_Exercise description_: Report each line of the material below where the word "SourceGraphic" can be found.

_Exercise materials_:
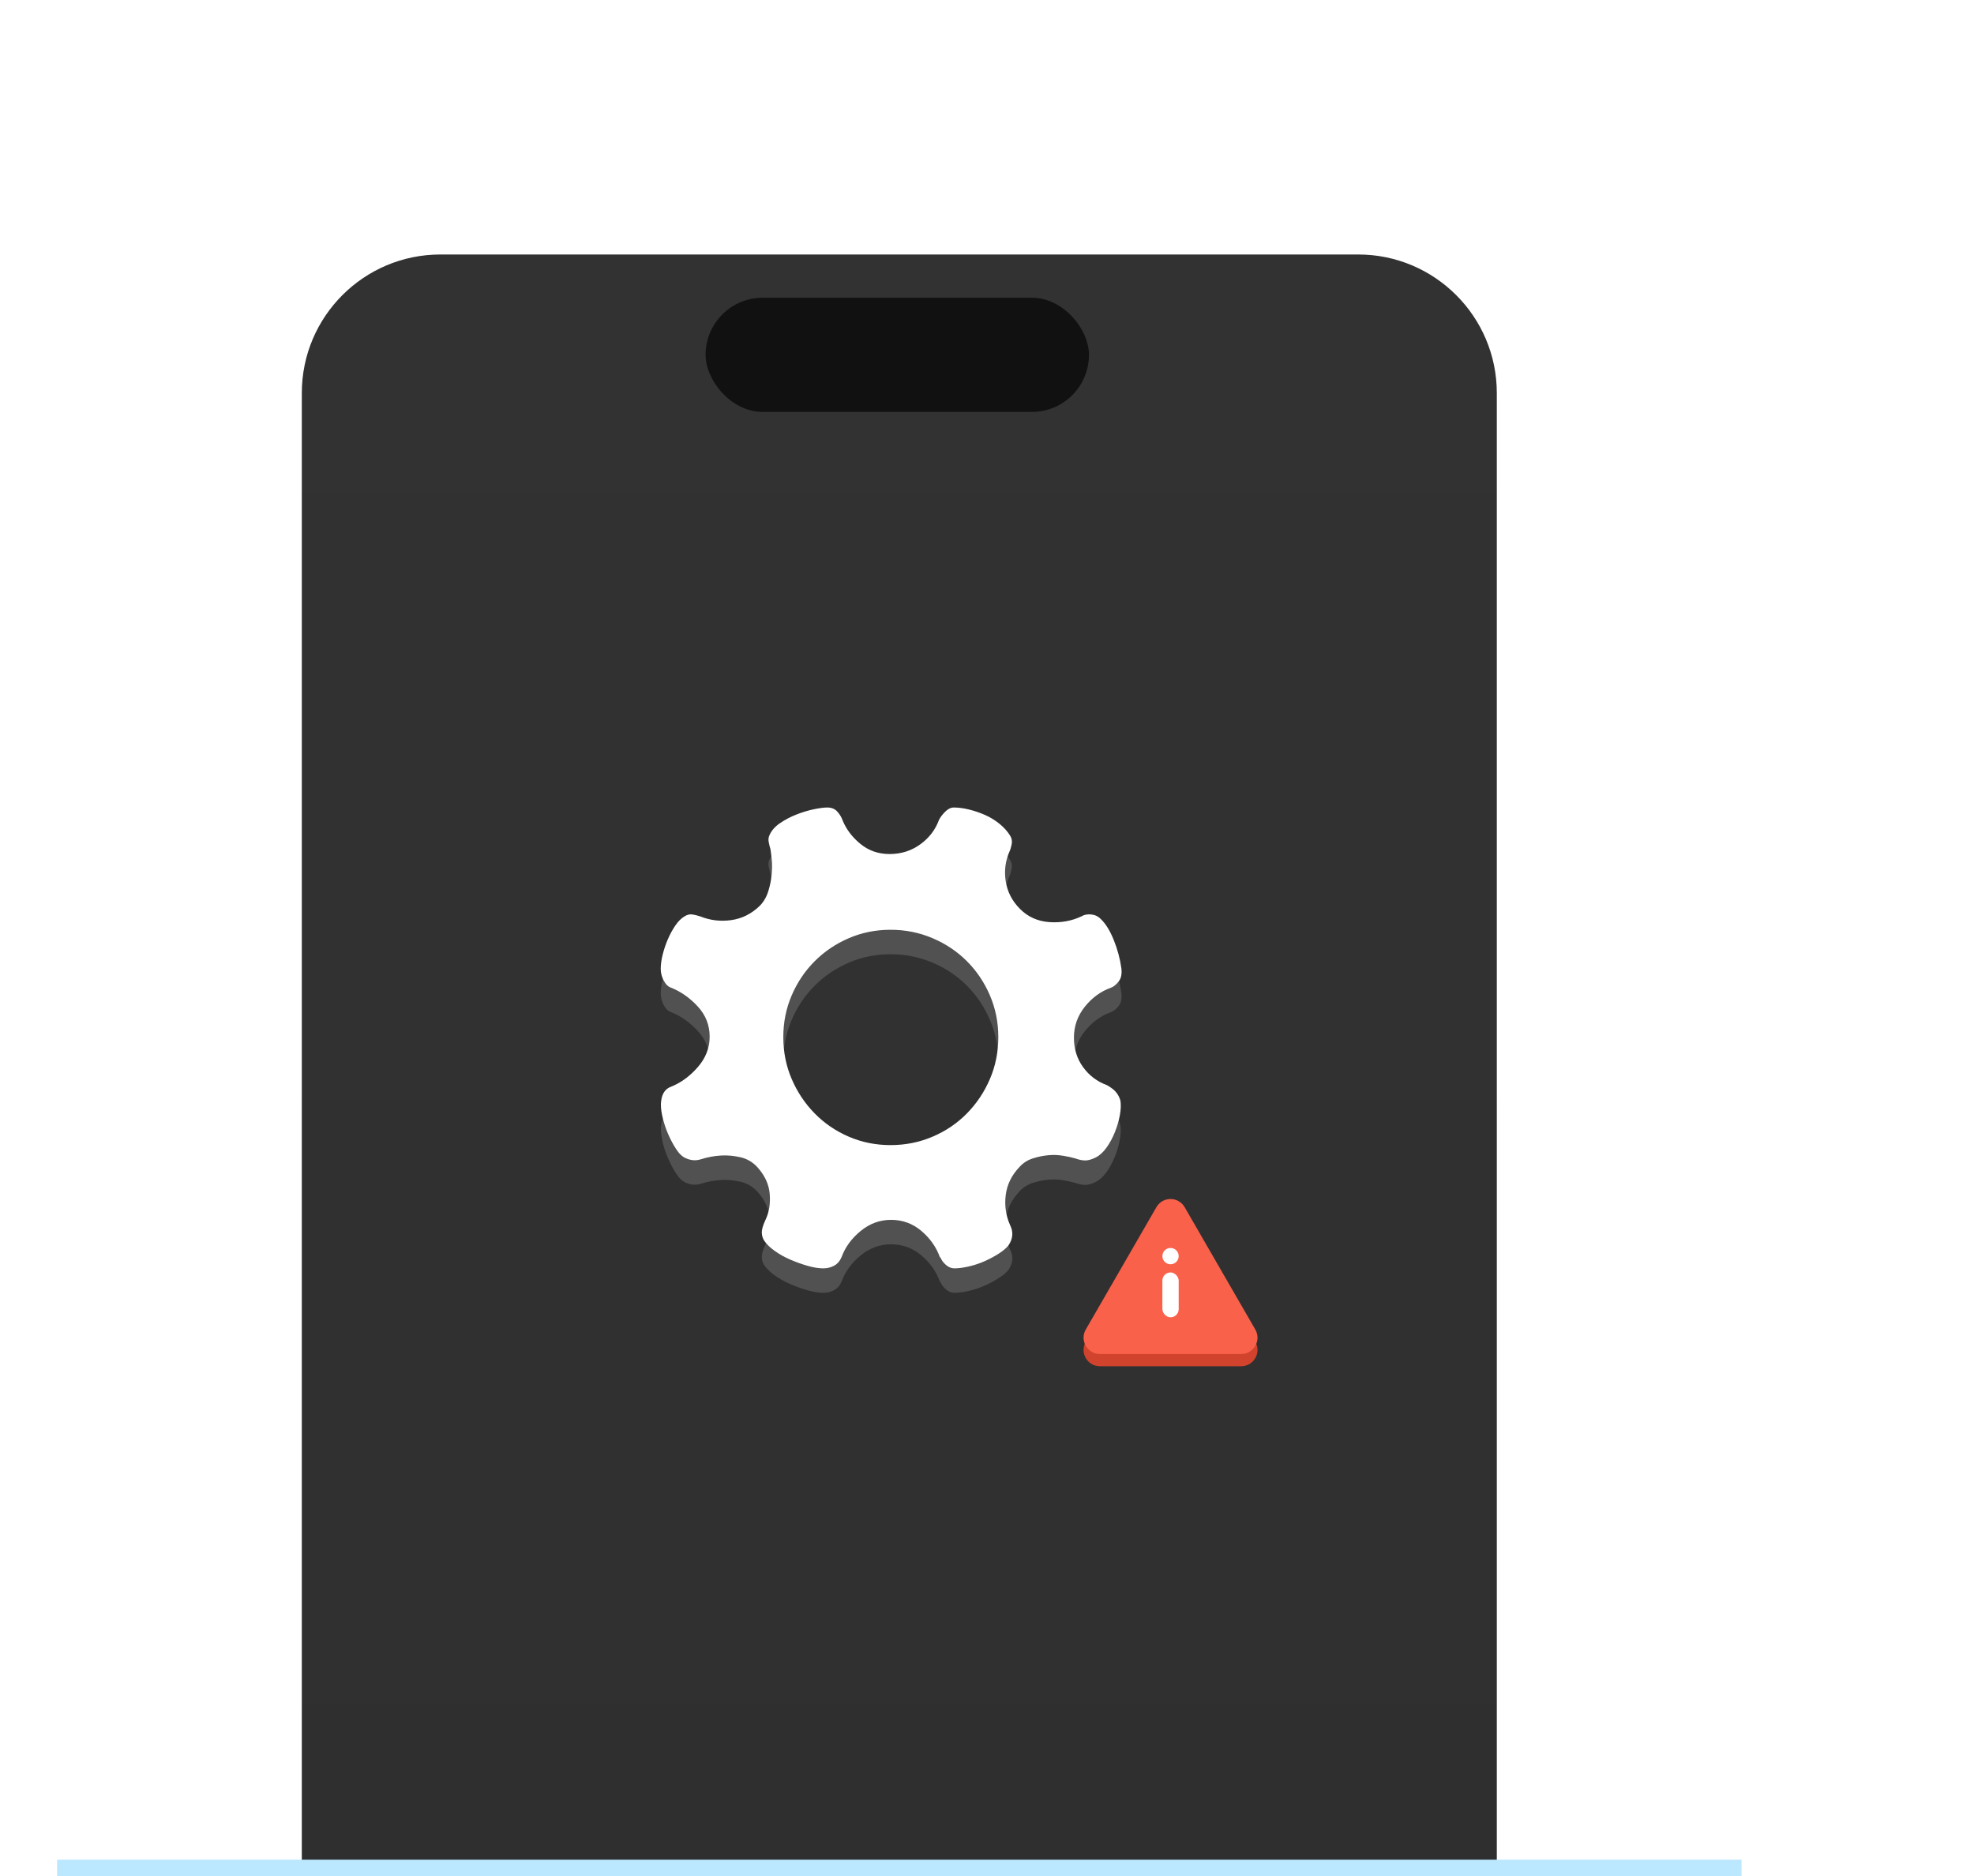 <svg width="484" height="460" viewBox="0 0 484 460" fill="none" xmlns="http://www.w3.org/2000/svg">
<g clip-path="url(#clip0_2035_6004)">
<g filter="url(#filter0_d_2035_6004)">
<path d="M108 40H333C356.196 40 375 58.804 375 82V470H66V82C66 58.804 84.804 40 108 40Z" fill="url(#paint0_linear_2035_6004)" stroke="white" stroke-width="16"/>
<g filter="url(#filter1_i_2035_6004)">
<path d="M58 82C58 54.386 80.386 32 108 32H333C360.614 32 383 54.386 383 82V478H58V82Z" fill="white" fill-opacity="0.01"/>
</g>
</g>
<rect x="173" y="73" width="94" height="28" rx="14" fill="#111111"/>
<rect x="14" y="456" width="413" height="4" fill="#BBE7FF"/>
<path d="M274.707 275.854C274.868 276.825 274.828 277.998 274.585 279.374C274.343 280.749 273.939 282.145 273.374 283.561C272.808 284.977 272.121 286.252 271.313 287.385C270.505 288.517 269.617 289.327 268.647 289.812C267.678 290.298 266.829 290.54 266.102 290.54C265.375 290.54 264.567 290.378 263.678 290.055C262.87 289.812 261.86 289.59 260.649 289.387C259.437 289.185 258.205 289.144 256.952 289.266C255.7 289.387 254.448 289.65 253.195 290.055C251.943 290.459 250.873 291.147 249.984 292.118C248.045 294.141 246.914 296.447 246.591 299.037C246.267 301.626 246.631 304.094 247.681 306.44C248.489 308.059 248.368 309.677 247.318 311.295C246.833 311.943 246.065 312.61 245.015 313.298C243.965 313.986 242.813 314.613 241.561 315.179C240.309 315.746 238.996 316.191 237.622 316.514C236.249 316.838 235.037 317 233.987 317C233.26 317 232.573 316.717 231.927 316.15C231.28 315.584 230.836 314.977 230.593 314.33H230.472C229.584 311.821 228.069 309.657 225.928 307.836C223.787 306.016 221.302 305.105 218.474 305.105C215.728 305.105 213.243 306.016 211.021 307.836C208.799 309.657 207.244 311.781 206.355 314.208C205.952 315.179 205.346 315.887 204.538 316.332C203.73 316.777 202.841 317 201.871 317C200.74 317 199.468 316.798 198.054 316.393C196.64 315.989 195.226 315.483 193.812 314.876C192.398 314.269 191.126 313.561 189.995 312.752C188.864 311.943 188.015 311.134 187.45 310.324C187.046 309.758 186.824 309.09 186.783 308.322C186.743 307.553 187.046 306.481 187.692 305.105C188.581 303.244 188.924 301.12 188.722 298.733C188.52 296.346 187.49 294.141 185.632 292.118C184.501 290.904 183.127 290.115 181.512 289.751C179.896 289.387 178.361 289.246 176.906 289.327C175.21 289.407 173.473 289.731 171.695 290.298C170.564 290.621 169.433 290.54 168.302 290.055C167.413 289.731 166.585 288.983 165.817 287.809C165.05 286.636 164.363 285.341 163.757 283.925C163.151 282.509 162.687 281.053 162.364 279.556C162.04 278.059 161.96 276.825 162.121 275.854C162.364 274.074 163.172 272.941 164.545 272.455C166.969 271.484 169.15 269.886 171.089 267.661C173.028 265.436 173.998 262.948 173.998 260.197C173.998 257.364 173.028 254.897 171.089 252.793C169.15 250.689 166.969 249.151 164.545 248.18C163.818 247.938 163.212 247.351 162.727 246.421C162.242 245.49 162 244.539 162 243.568C162 242.516 162.162 241.343 162.485 240.048C162.808 238.754 163.232 237.499 163.757 236.286C164.282 235.072 164.888 233.959 165.575 232.948C166.262 231.936 167.009 231.188 167.817 230.702C168.463 230.298 169.09 230.136 169.696 230.217C170.302 230.298 170.968 230.46 171.695 230.702C174.119 231.673 176.644 231.977 179.27 231.613C181.895 231.249 184.218 230.096 186.238 228.154C187.207 227.183 187.914 225.989 188.359 224.573C188.803 223.157 189.086 221.761 189.207 220.386C189.328 219.01 189.328 217.756 189.207 216.623C189.086 215.49 188.985 214.681 188.904 214.195C188.743 213.71 188.601 213.144 188.48 212.496C188.359 211.849 188.419 211.282 188.662 210.797C189.147 209.664 190.015 208.673 191.267 207.823C192.52 206.974 193.873 206.266 195.327 205.699C196.781 205.133 198.195 204.708 199.569 204.425C200.942 204.142 202.033 204 202.841 204C203.891 204 204.719 204.344 205.325 205.032C205.931 205.719 206.355 206.427 206.598 207.156C207.487 209.34 208.941 211.262 210.961 212.921C212.981 214.58 215.364 215.409 218.111 215.409C220.939 215.409 223.443 214.62 225.625 213.042C227.806 211.465 229.341 209.462 230.23 207.034C230.553 206.387 231.058 205.719 231.745 205.032C232.432 204.344 233.138 204 233.866 204C234.997 204 236.229 204.162 237.562 204.485C238.895 204.809 240.208 205.254 241.501 205.821C242.793 206.387 243.985 207.115 245.076 208.005C246.166 208.895 247.035 209.866 247.681 210.918C248.085 211.566 248.206 212.274 248.045 213.042C247.883 213.811 247.722 214.357 247.56 214.681C246.51 217.028 246.187 219.496 246.591 222.085C246.995 224.674 248.166 226.94 250.105 228.882C252.044 230.824 254.427 231.896 257.255 232.098C260.083 232.301 262.709 231.835 265.133 230.702C265.779 230.298 266.567 230.136 267.496 230.217C268.425 230.298 269.213 230.662 269.859 231.309C271.071 232.442 272.141 234.162 273.071 236.468C274 238.774 274.626 241.1 274.949 243.447C275.111 244.822 274.888 245.895 274.282 246.663C273.676 247.432 273.05 247.938 272.404 248.18C269.899 249.071 267.758 250.628 265.981 252.853C264.203 255.079 263.315 257.607 263.315 260.439C263.315 263.19 264.062 265.598 265.557 267.661C267.051 269.724 269.011 271.201 271.434 272.091C272 272.415 272.485 272.739 272.889 273.062C273.777 273.791 274.383 274.721 274.707 275.854ZM218.353 286.778C221.989 286.778 225.423 286.09 228.654 284.714C231.886 283.339 234.694 281.437 237.077 279.01C239.461 276.582 241.339 273.77 242.712 270.574C244.086 267.378 244.773 263.959 244.773 260.318C244.773 256.677 244.086 253.258 242.712 250.062C241.339 246.866 239.461 244.074 237.077 241.687C234.694 239.3 231.886 237.419 228.654 236.043C225.423 234.667 221.989 233.98 218.353 233.98C214.718 233.98 211.304 234.667 208.113 236.043C204.921 237.419 202.134 239.3 199.751 241.687C197.367 244.074 195.489 246.866 194.115 250.062C192.742 253.258 192.055 256.677 192.055 260.318C192.055 263.959 192.742 267.378 194.115 270.574C195.489 273.77 197.367 276.582 199.751 279.01C202.134 281.437 204.921 283.339 208.113 284.714C211.304 286.09 214.718 286.778 218.353 286.778Z" fill="#515151"/>
<path d="M274.707 269.854C274.868 270.825 274.828 271.998 274.585 273.374C274.343 274.749 273.939 276.145 273.374 277.561C272.808 278.977 272.121 280.252 271.313 281.385C270.505 282.517 269.617 283.327 268.647 283.812C267.678 284.298 266.829 284.54 266.102 284.54C265.375 284.54 264.567 284.378 263.678 284.055C262.87 283.812 261.86 283.59 260.649 283.387C259.437 283.185 258.205 283.144 256.952 283.266C255.7 283.387 254.448 283.65 253.195 284.055C251.943 284.459 250.873 285.147 249.984 286.118C248.045 288.141 246.914 290.447 246.591 293.037C246.267 295.626 246.631 298.094 247.681 300.44C248.489 302.059 248.368 303.677 247.318 305.295C246.833 305.943 246.065 306.61 245.015 307.298C243.965 307.986 242.813 308.613 241.561 309.179C240.309 309.746 238.996 310.191 237.622 310.514C236.249 310.838 235.037 311 233.987 311C233.26 311 232.573 310.717 231.927 310.15C231.28 309.584 230.836 308.977 230.593 308.33H230.472C229.584 305.821 228.069 303.657 225.928 301.836C223.787 300.016 221.302 299.105 218.474 299.105C215.728 299.105 213.243 300.016 211.021 301.836C208.799 303.657 207.244 305.781 206.355 308.208C205.952 309.179 205.346 309.887 204.538 310.332C203.73 310.777 202.841 311 201.871 311C200.74 311 199.468 310.798 198.054 310.393C196.64 309.989 195.226 309.483 193.812 308.876C192.398 308.269 191.126 307.561 189.995 306.752C188.864 305.943 188.015 305.134 187.45 304.324C187.046 303.758 186.824 303.09 186.783 302.322C186.743 301.553 187.046 300.481 187.692 299.105C188.581 297.244 188.924 295.12 188.722 292.733C188.52 290.346 187.49 288.141 185.632 286.118C184.501 284.904 183.127 284.115 181.512 283.751C179.896 283.387 178.361 283.246 176.906 283.327C175.21 283.407 173.473 283.731 171.695 284.298C170.564 284.621 169.433 284.54 168.302 284.055C167.413 283.731 166.585 282.983 165.817 281.809C165.05 280.636 164.363 279.341 163.757 277.925C163.151 276.509 162.687 275.053 162.364 273.556C162.04 272.059 161.96 270.825 162.121 269.854C162.364 268.074 163.172 266.941 164.545 266.455C166.969 265.484 169.15 263.886 171.089 261.661C173.028 259.436 173.998 256.948 173.998 254.197C173.998 251.364 173.028 248.897 171.089 246.793C169.15 244.689 166.969 243.151 164.545 242.18C163.818 241.938 163.212 241.351 162.727 240.421C162.242 239.49 162 238.539 162 237.568C162 236.516 162.162 235.343 162.485 234.048C162.808 232.754 163.232 231.499 163.757 230.286C164.282 229.072 164.888 227.959 165.575 226.948C166.262 225.936 167.009 225.188 167.817 224.702C168.463 224.298 169.09 224.136 169.696 224.217C170.302 224.298 170.968 224.46 171.695 224.702C174.119 225.673 176.644 225.977 179.27 225.613C181.895 225.249 184.218 224.096 186.238 222.154C187.207 221.183 187.914 219.989 188.359 218.573C188.803 217.157 189.086 215.761 189.207 214.386C189.328 213.01 189.328 211.756 189.207 210.623C189.086 209.49 188.985 208.681 188.904 208.195C188.743 207.71 188.601 207.144 188.48 206.496C188.359 205.849 188.419 205.282 188.662 204.797C189.147 203.664 190.015 202.673 191.267 201.823C192.52 200.974 193.873 200.266 195.327 199.699C196.781 199.133 198.195 198.708 199.569 198.425C200.942 198.142 202.033 198 202.841 198C203.891 198 204.719 198.344 205.325 199.032C205.931 199.719 206.355 200.427 206.598 201.156C207.487 203.34 208.941 205.262 210.961 206.921C212.981 208.58 215.364 209.409 218.111 209.409C220.939 209.409 223.443 208.62 225.625 207.042C227.806 205.465 229.341 203.462 230.23 201.034C230.553 200.387 231.058 199.719 231.745 199.032C232.432 198.344 233.138 198 233.866 198C234.997 198 236.229 198.162 237.562 198.485C238.895 198.809 240.208 199.254 241.501 199.821C242.793 200.387 243.985 201.115 245.076 202.005C246.166 202.895 247.035 203.866 247.681 204.918C248.085 205.566 248.206 206.274 248.045 207.042C247.883 207.811 247.722 208.357 247.56 208.681C246.51 211.028 246.187 213.496 246.591 216.085C246.995 218.674 248.166 220.94 250.105 222.882C252.044 224.824 254.427 225.896 257.255 226.098C260.083 226.301 262.709 225.835 265.133 224.702C265.779 224.298 266.567 224.136 267.496 224.217C268.425 224.298 269.213 224.662 269.859 225.309C271.071 226.442 272.141 228.162 273.071 230.468C274 232.774 274.626 235.1 274.949 237.447C275.111 238.822 274.888 239.895 274.282 240.663C273.676 241.432 273.05 241.938 272.404 242.18C269.899 243.071 267.758 244.628 265.981 246.853C264.203 249.079 263.315 251.607 263.315 254.439C263.315 257.19 264.062 259.598 265.557 261.661C267.051 263.724 269.011 265.201 271.434 266.091C272 266.415 272.485 266.739 272.889 267.062C273.777 267.791 274.383 268.721 274.707 269.854ZM218.353 280.778C221.989 280.778 225.423 280.09 228.654 278.714C231.886 277.339 234.694 275.437 237.077 273.01C239.461 270.582 241.339 267.77 242.712 264.574C244.086 261.378 244.773 257.959 244.773 254.318C244.773 250.677 244.086 247.258 242.712 244.062C241.339 240.866 239.461 238.074 237.077 235.687C234.694 233.3 231.886 231.419 228.654 230.043C225.423 228.667 221.989 227.98 218.353 227.98C214.718 227.98 211.304 228.667 208.113 230.043C204.921 231.419 202.134 233.3 199.751 235.687C197.367 238.074 195.489 240.866 194.115 244.062C192.742 247.258 192.055 250.677 192.055 254.318C192.055 257.959 192.742 261.378 194.115 264.574C195.489 267.77 197.367 270.582 199.751 273.01C202.134 275.437 204.921 277.339 208.113 278.714C211.304 280.09 214.718 280.778 218.353 280.778Z" fill="white"/>
<path d="M283.536 299C285.075 296.333 288.925 296.333 290.464 299L307.785 329C309.324 331.667 307.4 335 304.321 335H269.679C266.6 335 264.676 331.667 266.215 329L283.536 299Z" fill="#D2432D"/>
<path d="M283.536 296C285.075 293.333 288.925 293.333 290.464 296L307.785 326C309.324 328.667 307.4 332 304.321 332H269.679C266.6 332 264.676 328.667 266.215 326L283.536 296Z" fill="#F9614A"/>
<circle cx="287" cy="308" r="2" fill="white"/>
<rect x="285" y="312" width="4" height="11" rx="2" fill="white"/>
</g>
<defs>
<filter id="filter0_d_2035_6004" x="22" y="10.4" width="397" height="518" filterUnits="userSpaceOnUse" color-interpolation-filters="sRGB">
<feFlood flood-opacity="0" result="BackgroundImageFix"/>
<feColorMatrix in="SourceAlpha" type="matrix" values="0 0 0 0 0 0 0 0 0 0 0 0 0 0 0 0 0 0 127 0" result="hardAlpha"/>
<feOffset dy="14.4"/>
<feGaussianBlur stdDeviation="18"/>
<feColorMatrix type="matrix" values="0 0 0 0 0 0 0 0 0 0 0 0 0 0 0 0 0 0 0.15 0"/>
<feBlend mode="normal" in2="BackgroundImageFix" result="effect1_dropShadow_2035_6004"/>
<feBlend mode="normal" in="SourceGraphic" in2="effect1_dropShadow_2035_6004" result="shape"/>
</filter>
<filter id="filter1_i_2035_6004" x="58" y="32" width="325" height="446" filterUnits="userSpaceOnUse" color-interpolation-filters="sRGB">
<feFlood flood-opacity="0" result="BackgroundImageFix"/>
<feBlend mode="normal" in="SourceGraphic" in2="BackgroundImageFix" result="shape"/>
<feColorMatrix in="SourceAlpha" type="matrix" values="0 0 0 0 0 0 0 0 0 0 0 0 0 0 0 0 0 0 127 0" result="hardAlpha"/>
<feOffset/>
<feGaussianBlur stdDeviation="4"/>
<feComposite in2="hardAlpha" operator="arithmetic" k2="-1" k3="1"/>
<feColorMatrix type="matrix" values="0 0 0 0 0 0 0 0 0 0 0 0 0 0 0 0 0 0 0.18 0"/>
<feBlend mode="normal" in2="shape" result="effect1_innerShadow_2035_6004"/>
</filter>
<linearGradient id="paint0_linear_2035_6004" x1="220.5" y1="32" x2="220.5" y2="478" gradientUnits="userSpaceOnUse">
<stop stop-color="#303030"/>
<stop offset="1" stop-color="#2D2D2D"/>
</linearGradient>
<clipPath id="clip0_2035_6004">
<rect width="484" height="460" fill="white"/>
</clipPath>
</defs>
</svg>

_Result of the task_:
<feBlend mode="normal" in="SourceGraphic" in2="effect1_dropShadow_2035_6004" result="shape"/>
<feBlend mode="normal" in="SourceGraphic" in2="BackgroundImageFix" result="shape"/>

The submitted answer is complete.